There are no quick fixes to improving your credit score, but these four tips can help.

1. Use your credit.

“Using credit shows lenders that you know how to borrow and pay back loans,” said Palmer. In general, men use more credit and carry higher loans, which can lead to higher scores, as long as those loans are managed responsibly and paid on time each month. Conversely, if you are someone who avoids credit, it can hurt you because you won’t have a credit history. That means your score will be on the low side, she noted.

2. Pay on time.

Studies show women are also more likely than men to miss a payment, and that’s a red flag to lenders. It's important you make all of your monthly payments on time. A simple way to ensure this is by setting up automatic payments on your credit cards. You can set up your payments to come directly out of your checking account on the due date, advised Yates.

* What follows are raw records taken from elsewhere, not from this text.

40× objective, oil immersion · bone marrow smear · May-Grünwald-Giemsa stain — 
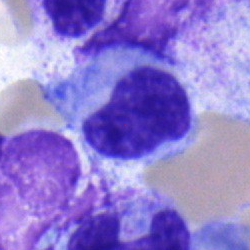The cell type is metamyelocyte.
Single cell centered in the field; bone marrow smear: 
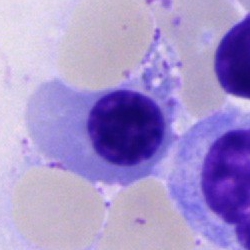Erythroblast.
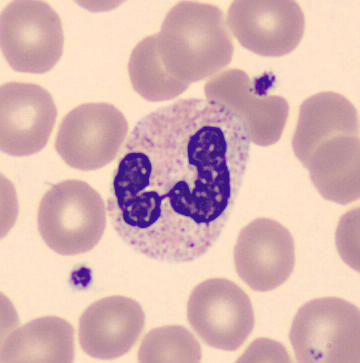Q: What is the morphological classification of this cell?
A: Segmented neutrophil.

Preparation: Peripheral blood smear.
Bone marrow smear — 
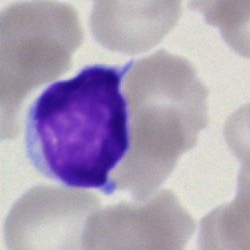Cell = lymphocyte.
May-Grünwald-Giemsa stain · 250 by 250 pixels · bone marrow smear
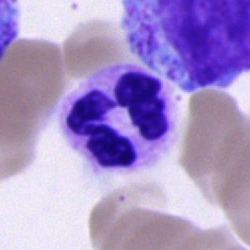 Q: Identify the cell.
A: Polymorphonuclear neutrophil.
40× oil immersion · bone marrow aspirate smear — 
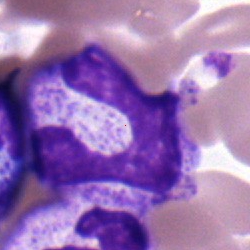Specimen: bone marrow smear.
Classification: segmented neutrophil.
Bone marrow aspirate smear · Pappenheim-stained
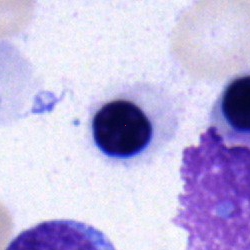

Normoblast.
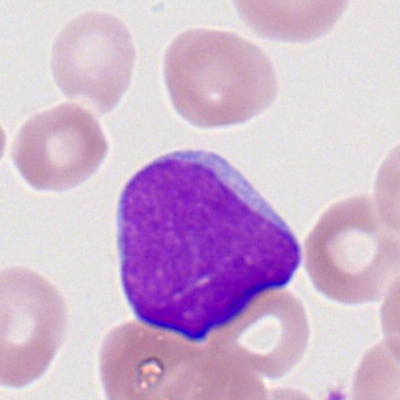 Classification — myeloid blast.
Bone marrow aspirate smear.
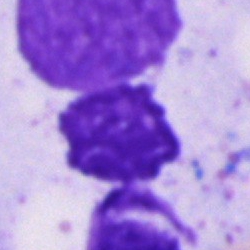
Specimen: bone marrow aspirate smear.
Cell type: artefact.
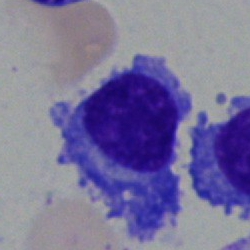
{"cell_type": "plasma cell", "lineage": "lymphoid"}
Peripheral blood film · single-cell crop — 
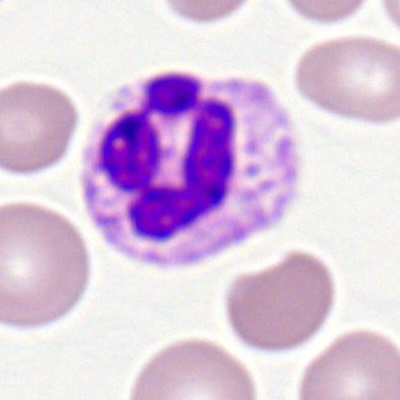
The cell is polymorphonuclear neutrophil.
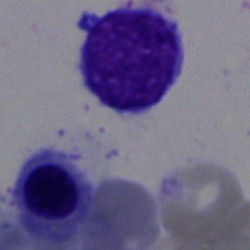
This is a typical lymphocyte.
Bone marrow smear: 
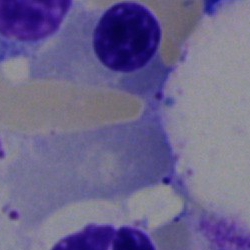

Normoblast.
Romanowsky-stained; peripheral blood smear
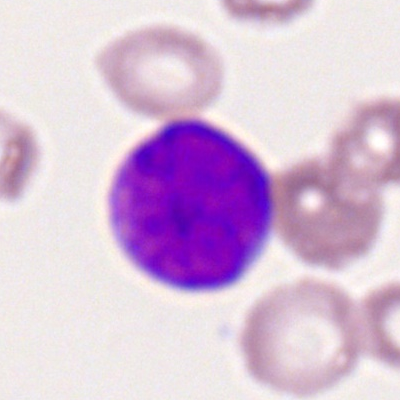A myeloid blast.
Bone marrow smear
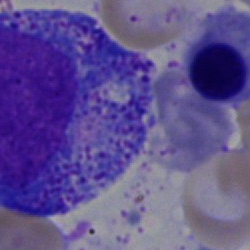

Cell type = progranulocyte.
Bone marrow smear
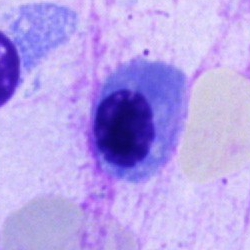

Classification — nucleated red blood cell.
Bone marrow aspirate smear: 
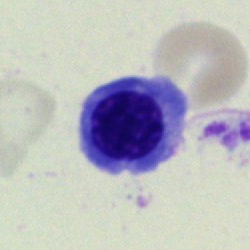

The classification is nucleated red blood cell.
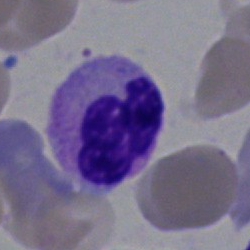 Morphology consistent with a segmented neutrophil.
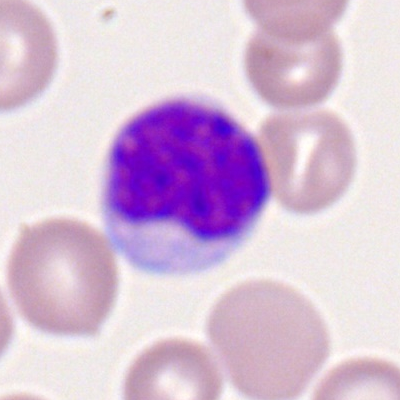The morphological class is lymphocyte.
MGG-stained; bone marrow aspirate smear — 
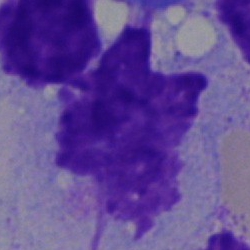Impression → artifact.
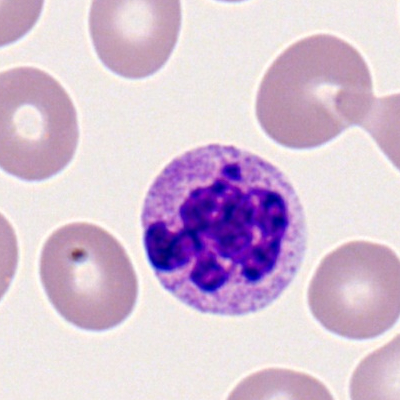
Peripheral blood smear showing a polymorphonuclear neutrophil.
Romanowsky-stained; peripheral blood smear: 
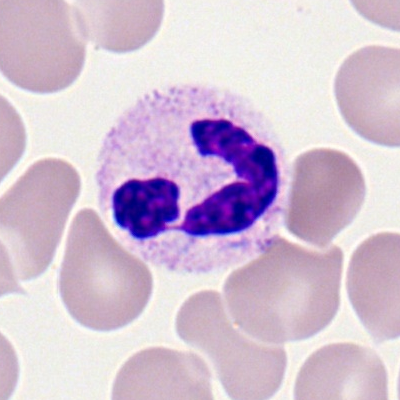

Cell = segmented neutrophil.
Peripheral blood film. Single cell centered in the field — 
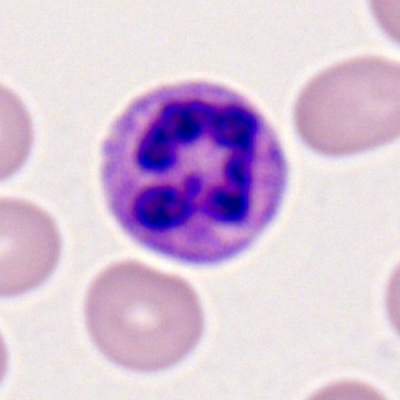
Morphology consistent with a segmented neutrophil.
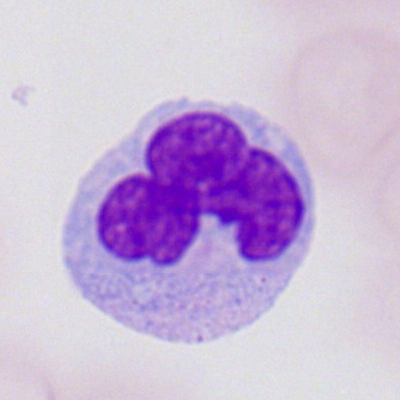

A monocyte on a peripheral blood smear.
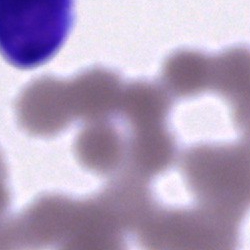
Single-cell crop from a bone marrow smear: artifact.
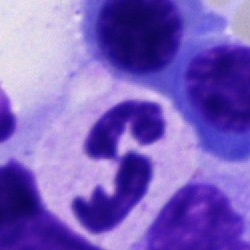 Cell = segmented neutrophil.
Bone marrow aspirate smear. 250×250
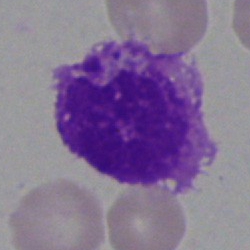 Morphology consistent with an artefact.
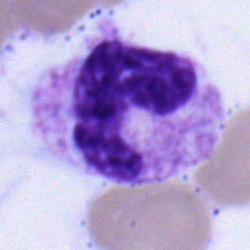
Morphological class — polymorphonuclear neutrophil.
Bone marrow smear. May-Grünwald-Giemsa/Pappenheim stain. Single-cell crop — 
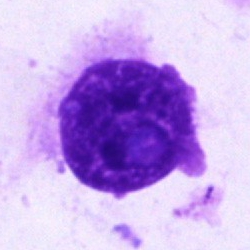Q: What is shown here?
A: This is an artifact.
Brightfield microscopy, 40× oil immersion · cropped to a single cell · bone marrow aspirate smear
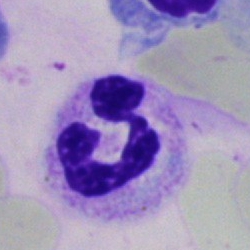

Specimen: bone marrow aspirate smear.
Classification: polymorphonuclear neutrophil.
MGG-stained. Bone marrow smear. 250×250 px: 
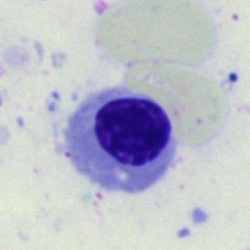

Morphology consistent with a nucleated red blood cell.
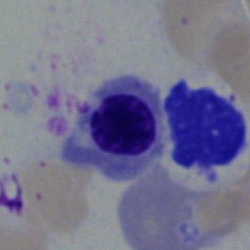Morphology → normoblast.
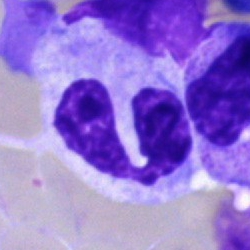Q: What cell is this?
A: It is a polymorphonuclear neutrophil.
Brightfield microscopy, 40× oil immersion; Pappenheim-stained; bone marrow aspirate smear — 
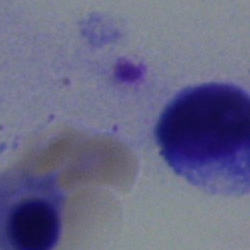 {"cell_type": "normoblast", "lineage": "erythroid"}
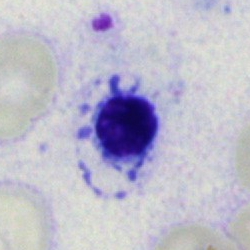

Cell: nucleated red cell.
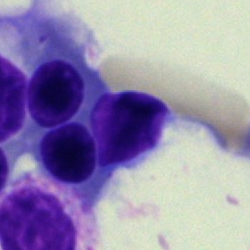Cell type = nucleated red blood cell.
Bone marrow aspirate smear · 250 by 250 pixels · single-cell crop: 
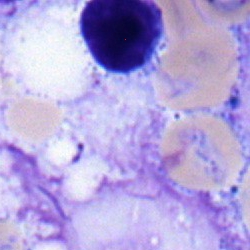Single cell identified as a typical lymphocyte.
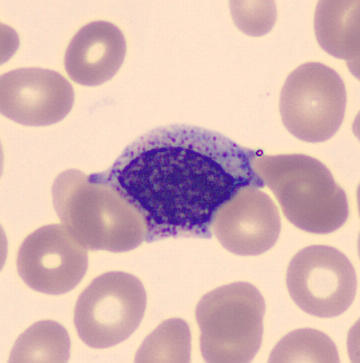Q: What is shown here?
A: A myelocyte.
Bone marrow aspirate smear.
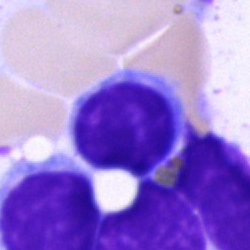Specimen: bone marrow smear.
Morphological class: lymphocyte.
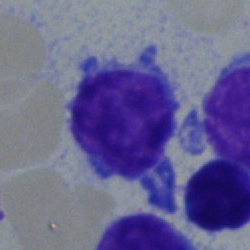

The classification is lymphocyte.
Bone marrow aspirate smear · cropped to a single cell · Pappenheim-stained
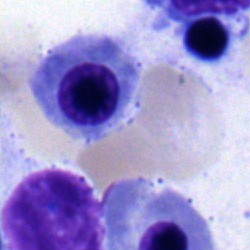 Classification = nucleated red cell.
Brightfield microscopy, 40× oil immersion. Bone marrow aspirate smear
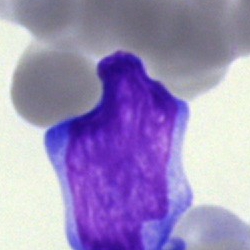 A blast.
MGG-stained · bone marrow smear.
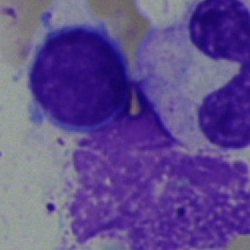 The cell is lymphocyte.
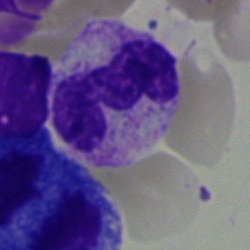

Cell type — neutrophil (band).
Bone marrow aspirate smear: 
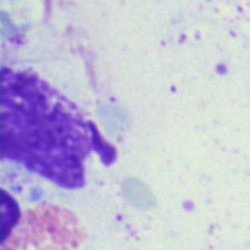 Cell type: artefact.
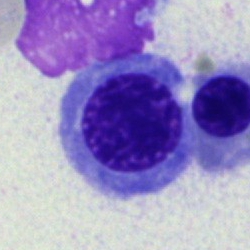Cell type: normoblast.
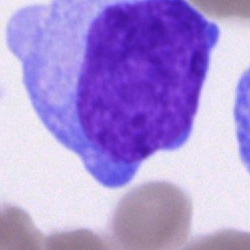

Morphology → blast.
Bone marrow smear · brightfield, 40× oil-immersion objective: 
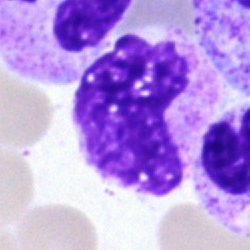

Q: What is shown here?
A: Artefact.
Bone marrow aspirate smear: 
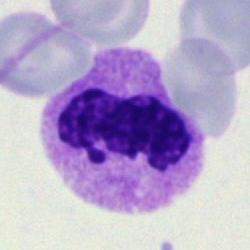 Impression — neutrophil (segmented).
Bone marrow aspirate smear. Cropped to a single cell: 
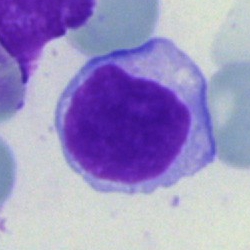 Morphological class: lymphocyte.
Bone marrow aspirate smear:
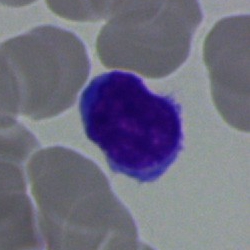Impression → lymphocyte.
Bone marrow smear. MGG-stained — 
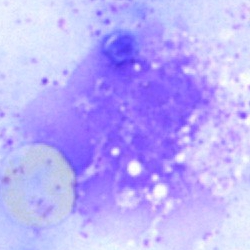
{"cell_type": "artefact"}
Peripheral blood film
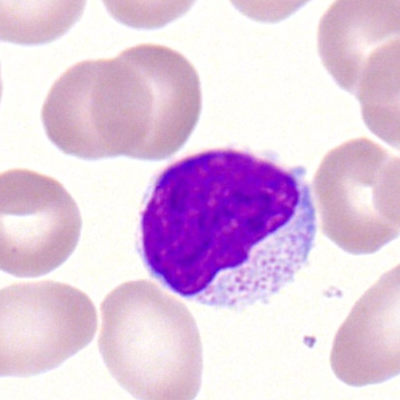

This is a lymphocyte.
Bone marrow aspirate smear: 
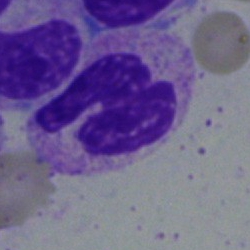

Impression — segmented neutrophil.
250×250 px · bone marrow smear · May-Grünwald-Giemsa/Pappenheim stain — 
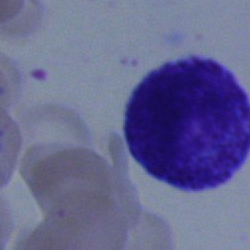 Q: What is the morphological classification of this cell?
A: It is a metamyelocyte.
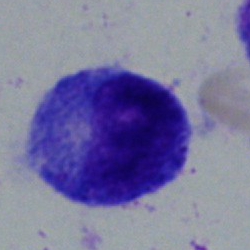 Cell type — progranulocyte.
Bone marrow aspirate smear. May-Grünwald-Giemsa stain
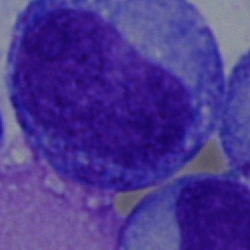

Morphology consistent with a promyelocyte.
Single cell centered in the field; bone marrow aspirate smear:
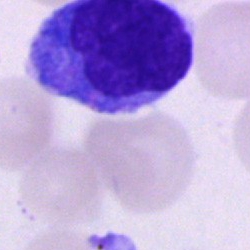

Specimen: bone marrow aspirate smear.
Classification: monocyte.
Lineage: myeloid.
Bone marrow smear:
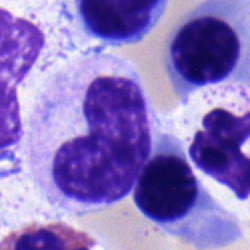

{"cell_type": "band neutrophil", "lineage": "myeloid"}
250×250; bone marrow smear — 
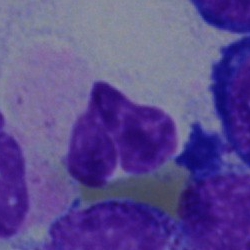Q: Identify the cell.
A: It is a segmented neutrophil.
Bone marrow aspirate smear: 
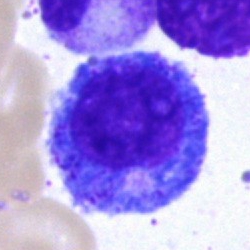

Progranulocyte.
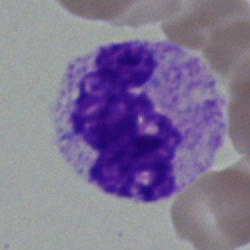Impression — neutrophil (segmented).
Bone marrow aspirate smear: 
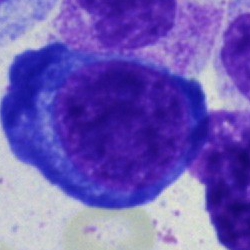 This is a proerythroblast.
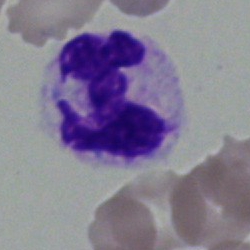

A neutrophil (segmented).
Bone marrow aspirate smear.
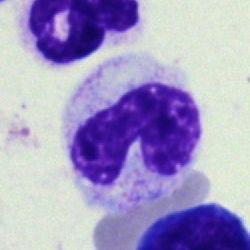The classification is band neutrophil.
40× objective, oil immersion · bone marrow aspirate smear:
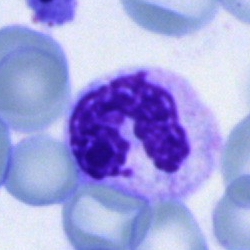

Morphological class — segmented neutrophil.
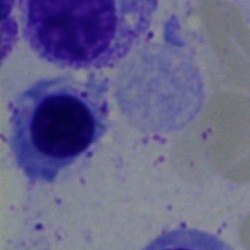Showing a nucleated red blood cell.
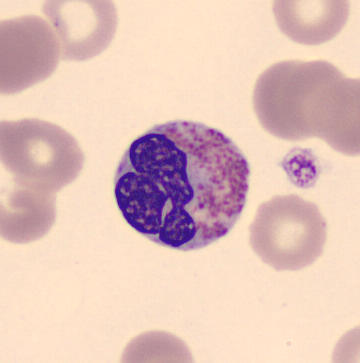 Cell type: eosinophilic granulocyte. Image: Peripheral blood film.
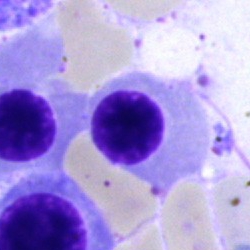Morphological class: nucleated red blood cell.
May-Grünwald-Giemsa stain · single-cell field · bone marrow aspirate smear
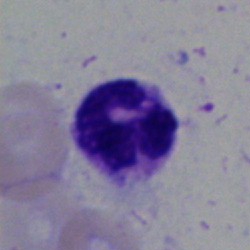
A neutrophil (segmented).
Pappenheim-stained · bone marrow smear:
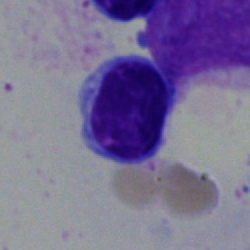

Single cell identified as a lymphocyte.
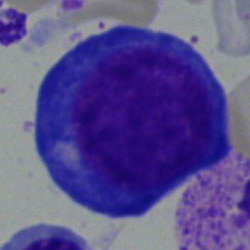
Morphology → pronormoblast.
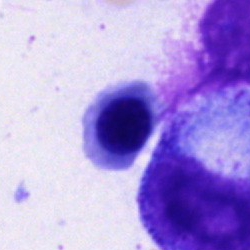
Q: What is the morphological classification of this cell?
A: A nucleated red cell.
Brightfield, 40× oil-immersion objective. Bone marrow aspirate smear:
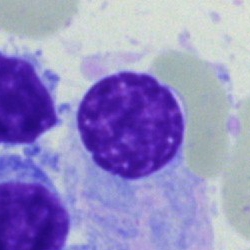
Classification: plasmacyte.
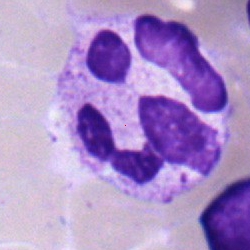 A polymorphonuclear neutrophil on a bone marrow smear.
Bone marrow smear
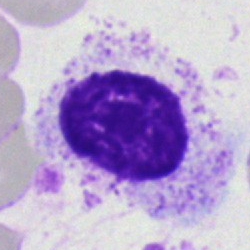
This is an artifact.
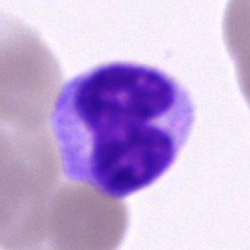
Classification: unidentifiable cell.
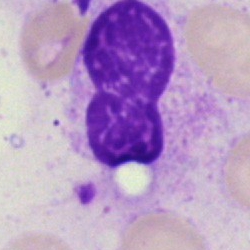

The cell shown is an artefact.
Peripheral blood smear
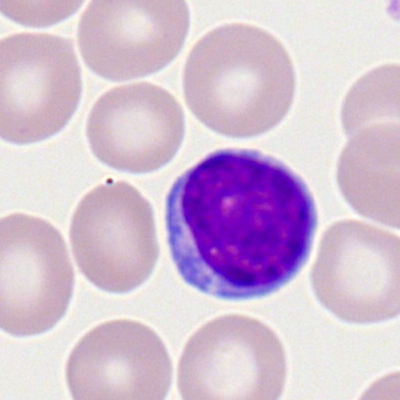 Morphology consistent with a typical lymphocyte.
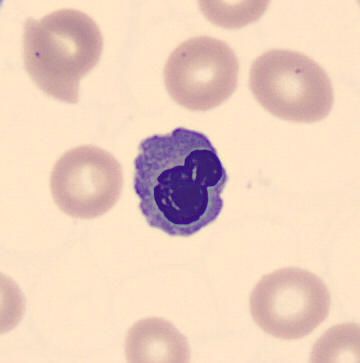Nucleated red blood cell.
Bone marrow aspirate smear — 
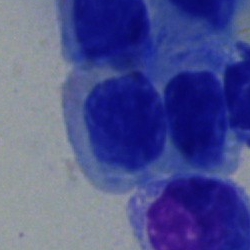 Cell: erythroblast.
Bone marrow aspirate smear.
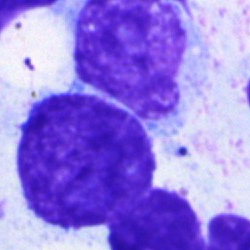Single cell identified as an artefact.
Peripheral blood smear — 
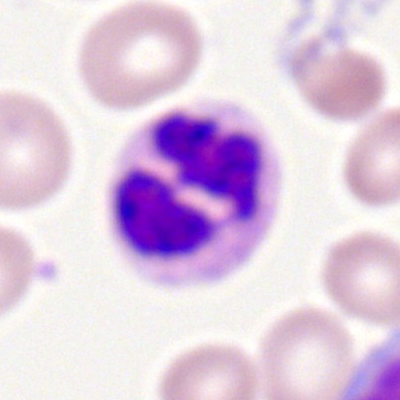 The cell type is neutrophil (segmented).
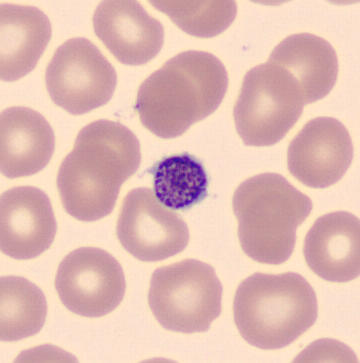Cell type = platelet (thrombocyte).
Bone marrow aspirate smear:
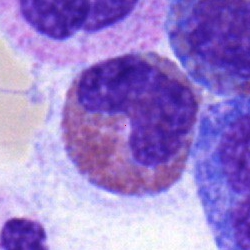An eosinophil.
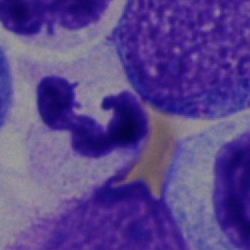
Morphological class — segmented neutrophil.
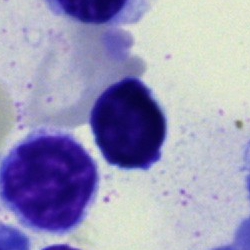 Morphology → typical lymphocyte.
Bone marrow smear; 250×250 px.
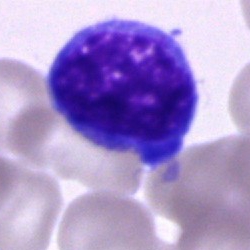

Q: What is the morphological classification of this cell?
A: It is an unidentifiable cell.
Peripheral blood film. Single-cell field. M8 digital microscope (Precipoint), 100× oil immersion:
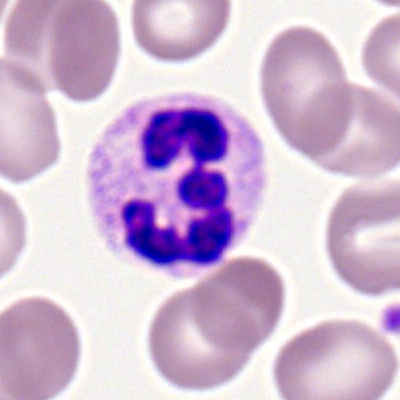
Q: What cell is this?
A: It is a segmented neutrophil.

3. Don’t open too many cards at once.

When you apply for a new card or any new loan for that matter, it temporarily lowers your credit score because it signals to lenders that you are considering taking on more debt. “If you’re thinking of applying for a big loan, for a car or home, you’ll want your score to be as high as possible so you get the best interest rates,” said Palmer.

4. Keep old accounts active.

“Having credit cards that show a lengthy payment history will help your score,” said Palmer. You may want to put a recurring cost, like a utility bill, on those you’re not using regularly. What you don’t want to do is close them, or have them cancelled, especially if you plan to make a big purchase like a car or house, she said.